Words by Riley Fitzgerald
Graphic by Press

Roger Waters has voiced his views on the civil unrest sweeping the United States in a new interview with RT America.

The conversation follows Waters’ recent comment that he believes Minnesota resident George Floyd was unlawfully killed when being subdued by a local police offer.

Sparking the passions of a nation and the world at large, protests over Floyd’s death continue to spread as government responses escalate.

Appearing on RT America Roger Waters denounced the “vicious” police reaction to the protests.

Donald Trump is trying, with the whole holding up the Bible thing, to reinforce the idea he wants a civil war between the white supremacist Christian right and anyone willing to stand up with a baseball bat and say no,” Waters shared with his RT host Manila Chan.

Expressing other protestors’ anger the former Pink Floyd visionary urged viewers to embrace non-violent means of protest.

“I know it is very easy for me to sit here and pontificate,” Water shared, “but we have to remember Mahatma Gandhi. You have to remember how important nonviolent protest is, and also how effective it is and how effective it was in the civil rights movement of the 1960s.”

An activist who wrestled India’s independence from colonial British rule, Gandhi emphasized the noble means of assertion of truth and non-violence as tools of achieving political change.

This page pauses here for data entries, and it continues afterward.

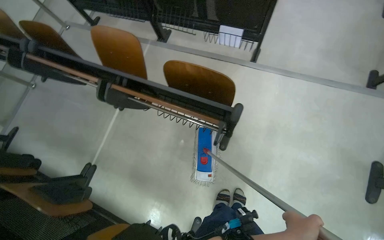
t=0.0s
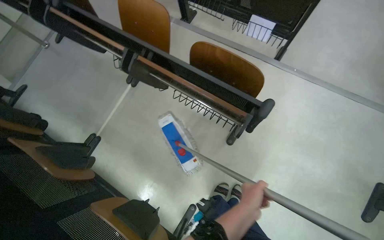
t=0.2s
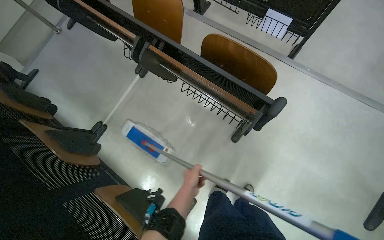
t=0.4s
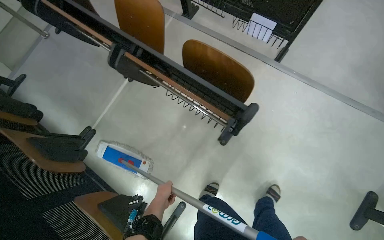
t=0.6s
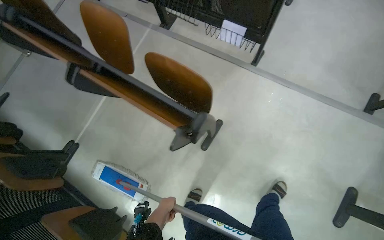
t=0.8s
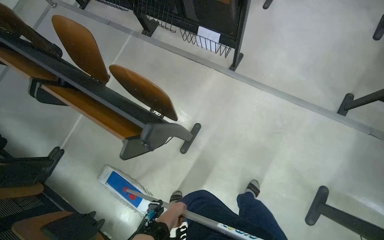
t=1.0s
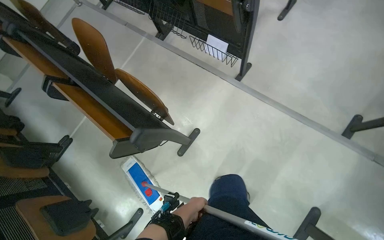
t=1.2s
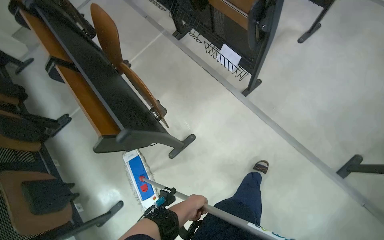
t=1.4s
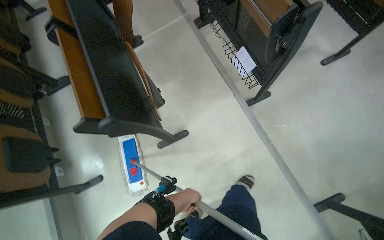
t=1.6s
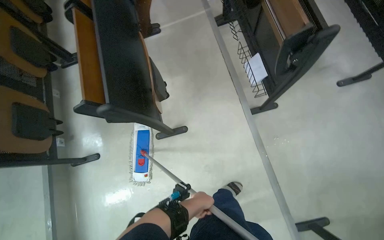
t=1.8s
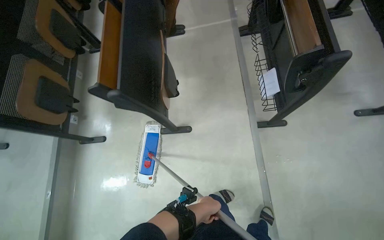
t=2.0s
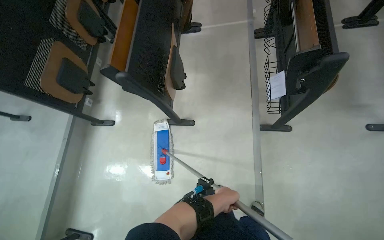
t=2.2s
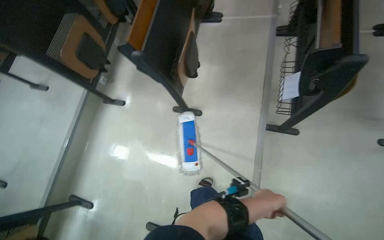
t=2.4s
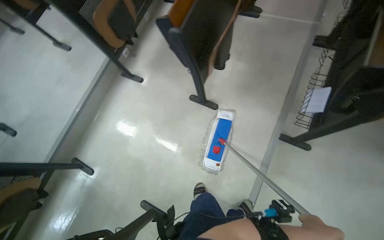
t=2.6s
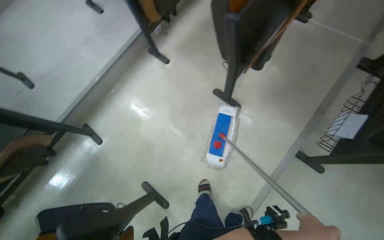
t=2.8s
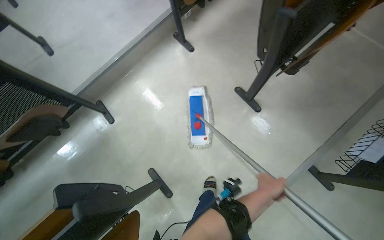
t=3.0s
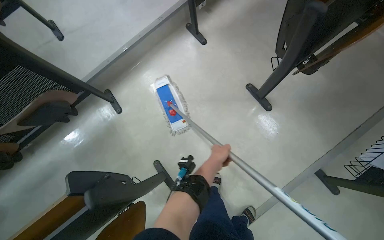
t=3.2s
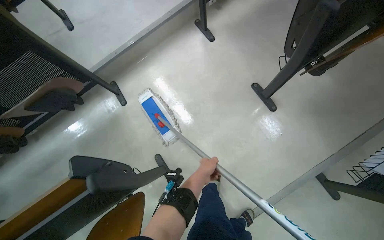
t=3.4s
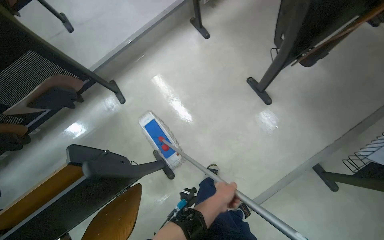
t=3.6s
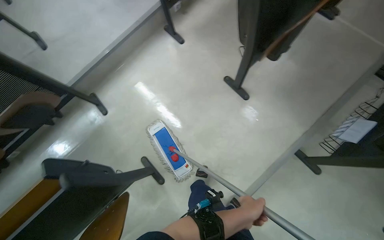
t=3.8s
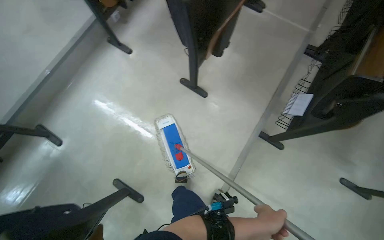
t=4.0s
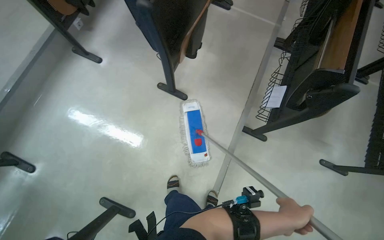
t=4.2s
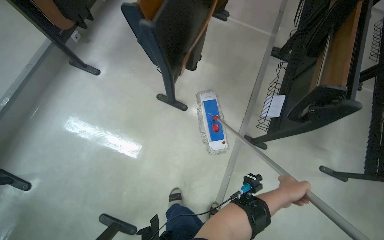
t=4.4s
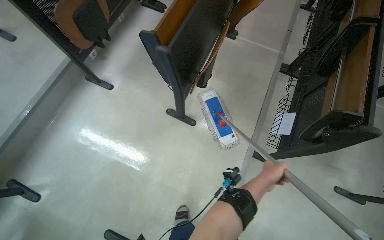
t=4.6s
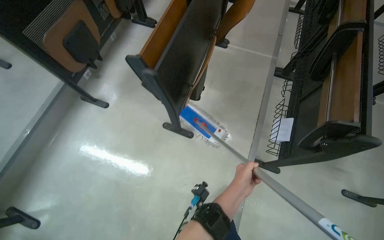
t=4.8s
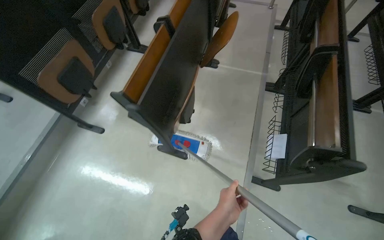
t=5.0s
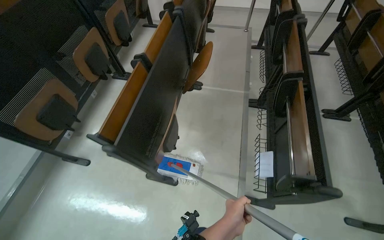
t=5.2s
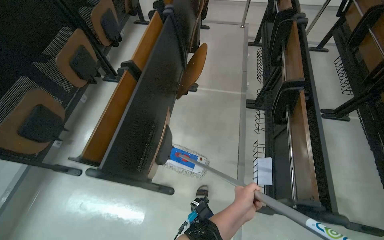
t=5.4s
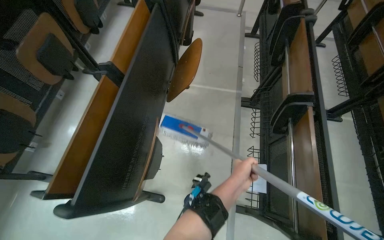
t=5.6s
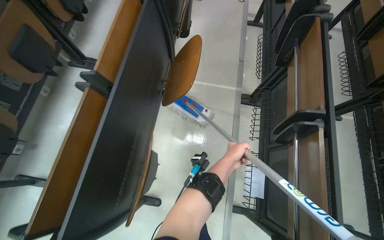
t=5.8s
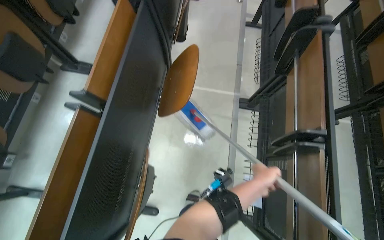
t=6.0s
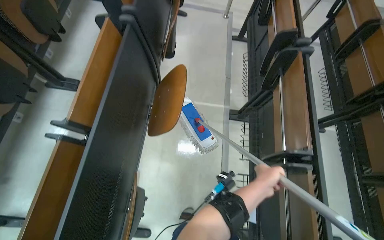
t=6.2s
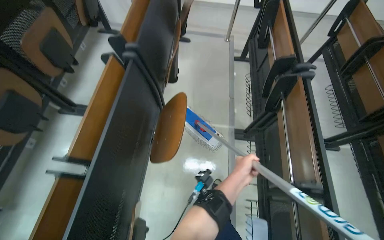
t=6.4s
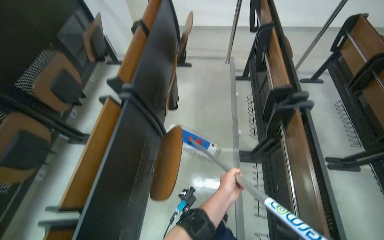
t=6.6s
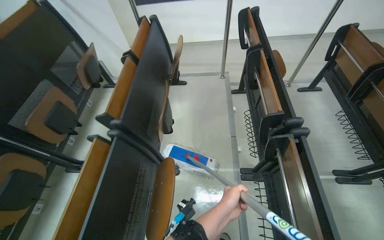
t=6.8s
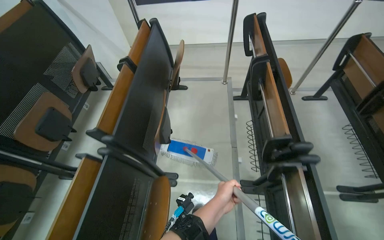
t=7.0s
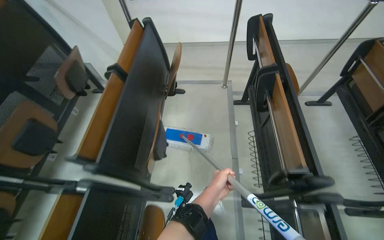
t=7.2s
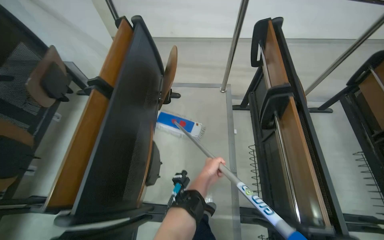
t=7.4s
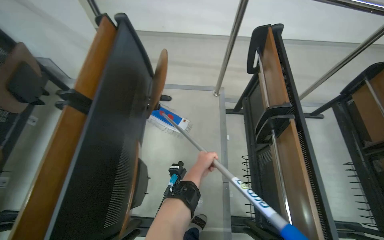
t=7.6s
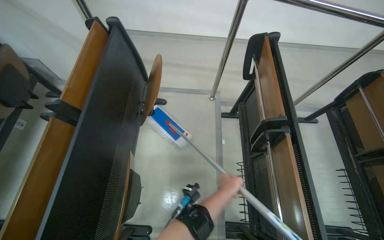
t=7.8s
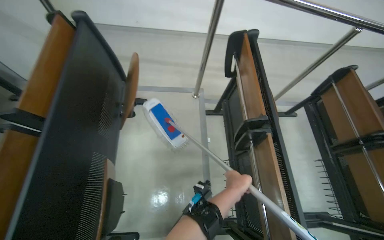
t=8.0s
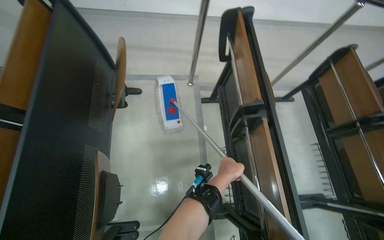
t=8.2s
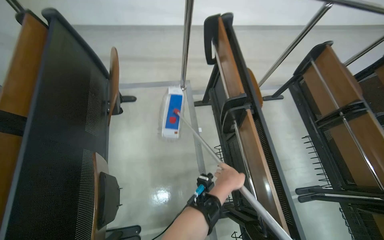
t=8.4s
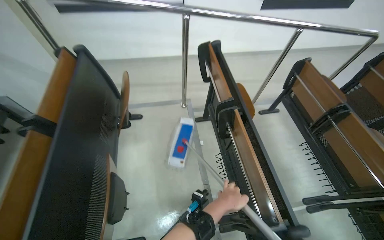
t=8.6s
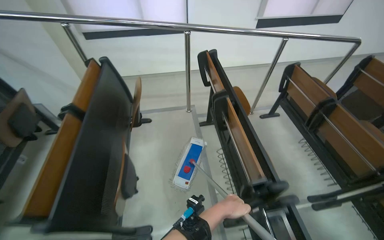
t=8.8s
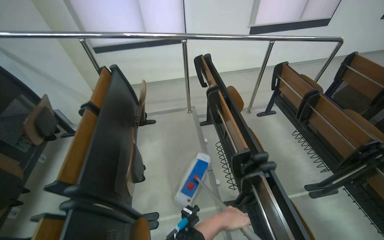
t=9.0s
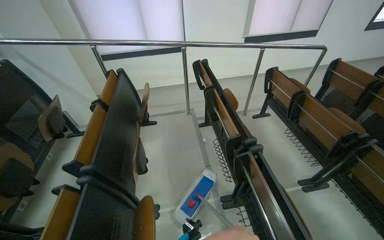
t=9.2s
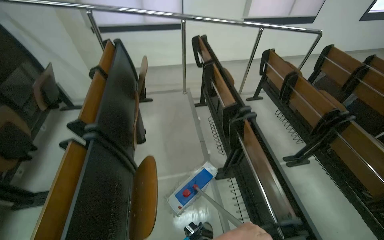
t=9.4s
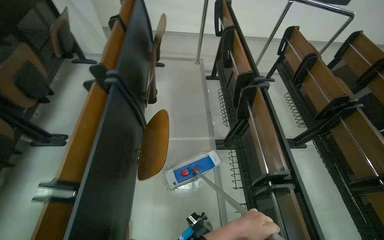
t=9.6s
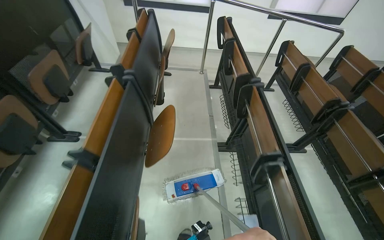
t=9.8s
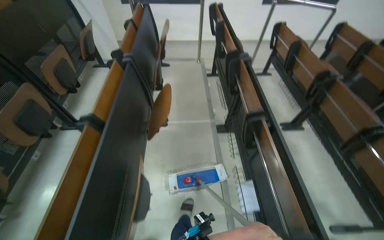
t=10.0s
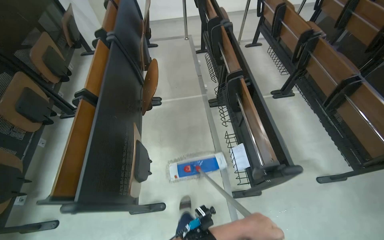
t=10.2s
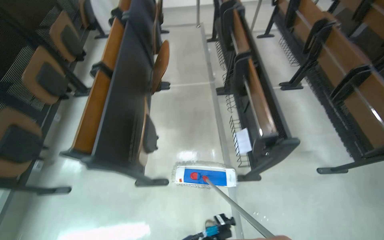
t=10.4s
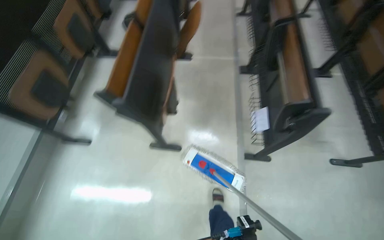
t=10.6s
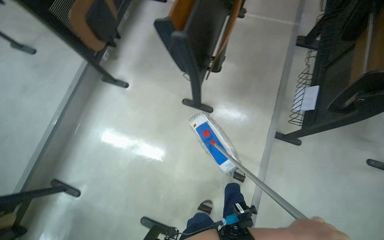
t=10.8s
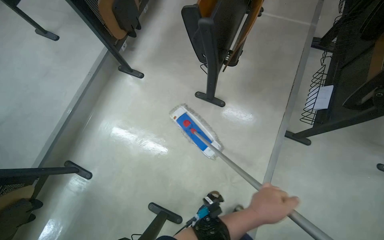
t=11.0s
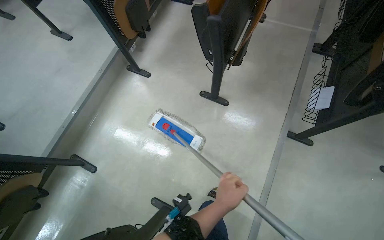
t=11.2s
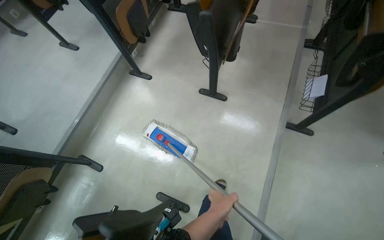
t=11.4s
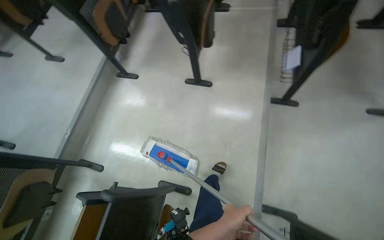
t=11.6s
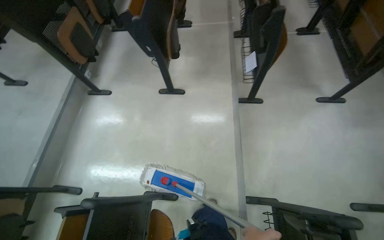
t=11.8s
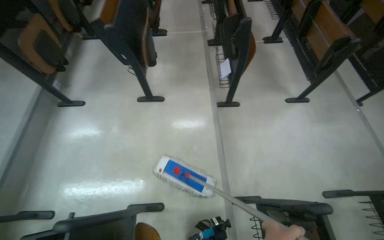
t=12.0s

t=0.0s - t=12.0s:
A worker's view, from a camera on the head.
Job: mopping floor.
The whole recording: Mopping lecture hall floor. The worker mops the floor in the lecture hall, moving the mop between rows of seats.
t=0.0s - t=1.6s: The head travels some 60 cm. Everything in view rotates about 40 degrees clockwise.
t=1.6s - t=3.0s: The wearer looks approximately 75 degrees further to the left. The view tips downward by some 10 degrees.
t=3.0s - t=4.4s: The head turns to the right by roughly 30 degrees.
t=4.4s - t=6.0s: The wearer moves about 80 cm.
t=6.0s - t=7.6s: The camera is carried roughly 1 m.
t=7.6s - t=9.0s: The camera travels roughly 60 cm. The wearer looks about 15 degrees further upward.
t=9.0s - t=10.4s: The head travels some 1 m.
t=10.4s - t=12.0s: The camera travels approximately 80 cm.

He can be attributed with quotes such as “An eye for an eye only ends up making the whole world blind,” and, “Strength does not come from physical capacity. It comes from an indomitable will.”

He did not believe injustice to be part of the natural or unnatural order of the world.

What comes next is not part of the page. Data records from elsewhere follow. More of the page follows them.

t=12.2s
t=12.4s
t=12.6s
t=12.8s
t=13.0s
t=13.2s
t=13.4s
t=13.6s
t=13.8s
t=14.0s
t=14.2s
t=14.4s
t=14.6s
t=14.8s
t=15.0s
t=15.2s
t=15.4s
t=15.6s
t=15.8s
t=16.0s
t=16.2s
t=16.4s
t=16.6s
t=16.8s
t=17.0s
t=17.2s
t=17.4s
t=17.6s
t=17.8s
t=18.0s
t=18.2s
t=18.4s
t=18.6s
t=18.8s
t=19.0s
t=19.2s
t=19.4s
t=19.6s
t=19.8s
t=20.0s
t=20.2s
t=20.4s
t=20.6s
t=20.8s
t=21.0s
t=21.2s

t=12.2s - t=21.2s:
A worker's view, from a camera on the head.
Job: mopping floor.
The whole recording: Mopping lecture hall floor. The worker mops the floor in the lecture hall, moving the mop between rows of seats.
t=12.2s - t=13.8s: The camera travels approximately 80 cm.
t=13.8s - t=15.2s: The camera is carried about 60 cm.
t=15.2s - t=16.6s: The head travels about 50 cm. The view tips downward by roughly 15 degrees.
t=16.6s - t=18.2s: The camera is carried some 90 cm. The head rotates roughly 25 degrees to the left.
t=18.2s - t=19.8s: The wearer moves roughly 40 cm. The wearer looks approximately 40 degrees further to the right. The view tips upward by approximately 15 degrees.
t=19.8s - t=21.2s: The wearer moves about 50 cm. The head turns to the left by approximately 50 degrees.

“They have got bullets,” Roger Waters continued during his discussion with RT. “And they have got assault rifles and the techniques that fired this – like the knee of the neck.”

(The knee-to-neck police restraint technique is one usually reserved only for life-threatening situations, which is widely believed not to have been the case in the instance of George Floyd’s death.)

“Leave the baseball bats at home,” Waters implored.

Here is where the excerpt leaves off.